We can give the following explanation of why Linowitz and Thompson’s Conjecture 1.3 was slightly off from the correct number: the result from Theorem 1.2 is not uniform in k for the choice of the \(p_k\) (we fix a set of primes beforehand), while the result from Theorem 2.1 is uniform in k satisfying \(p_k\leqslant (\log {x})^{\frac{1}{3}}\). In order to make Linowitz and Thompson’s heuristic argument rigorous we would first need to show that Theorem 1.2 holds uniformly in k such that \(p_k\leqslant f(x)\) for some function f with \(f(x) \xrightarrow [x\rightarrow \infty ]{} \infty \).

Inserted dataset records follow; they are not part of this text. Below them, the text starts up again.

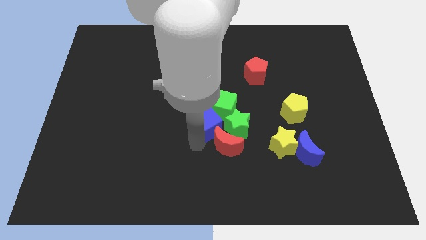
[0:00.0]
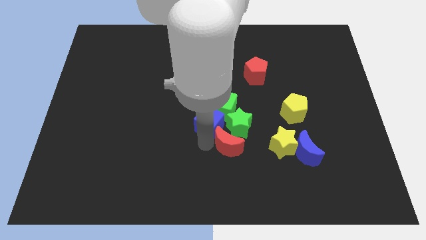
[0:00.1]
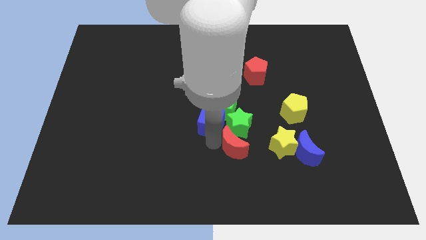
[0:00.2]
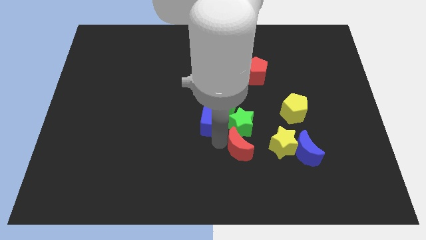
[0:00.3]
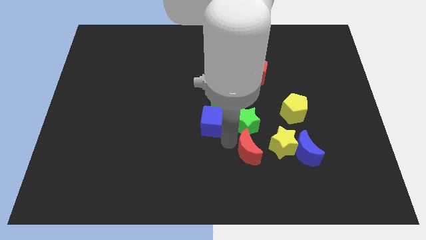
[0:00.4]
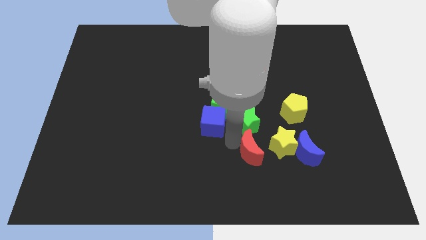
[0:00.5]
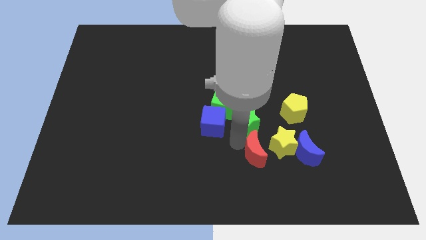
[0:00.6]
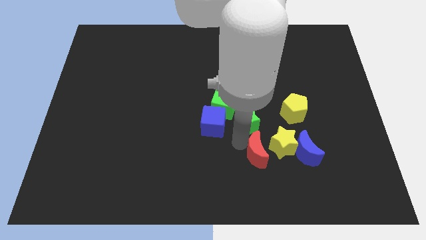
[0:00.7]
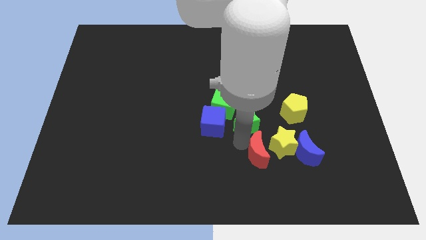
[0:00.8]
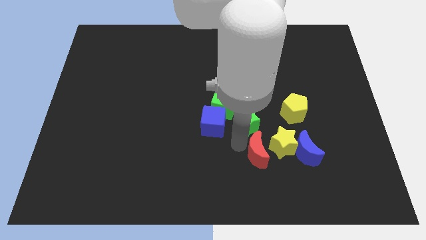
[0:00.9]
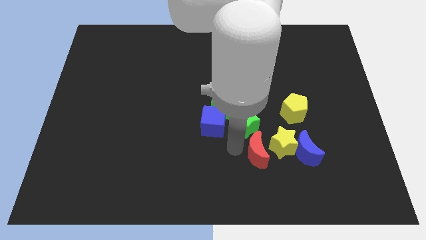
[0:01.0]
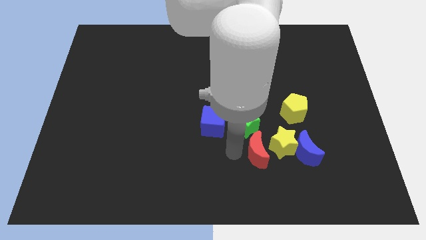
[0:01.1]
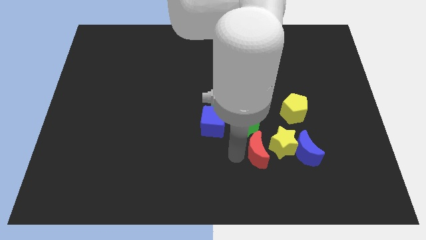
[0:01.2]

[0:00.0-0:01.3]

Then,

$$\begin{aligned} \frac{\sum _{|D_1D_2|\leqslant x}\eta (D_1,D_2)}{\sum _{|D_1D_2|\leqslant x} 1} =\sum _{p_k\leqslant f(x)}{}&p_k\, \text{ Prob }(\eta (D_1,D_2)=p_k) \\ {}&+ \sum _{p_k>f(x)}p_k\, \text{ Prob }(\eta (D_1,D_2)=p_k) \\ \xrightarrow [x\rightarrow \infty ]{}{}&\theta + \mu , \end{aligned}$$

where \(\theta \) is the conjectured constant (1.2) and

$$\begin{aligned} \mu =\lim _{x\rightarrow \infty } \sum _{p_k>f(x)}p_k\, \text{ Prob }(\eta (D_1,D_2)=p_k). \end{aligned}$$

Linowitz and Thompson conjectured that \(\mu =0\), but according to Theorem 1.4, \(\mu \) does make a small contribution.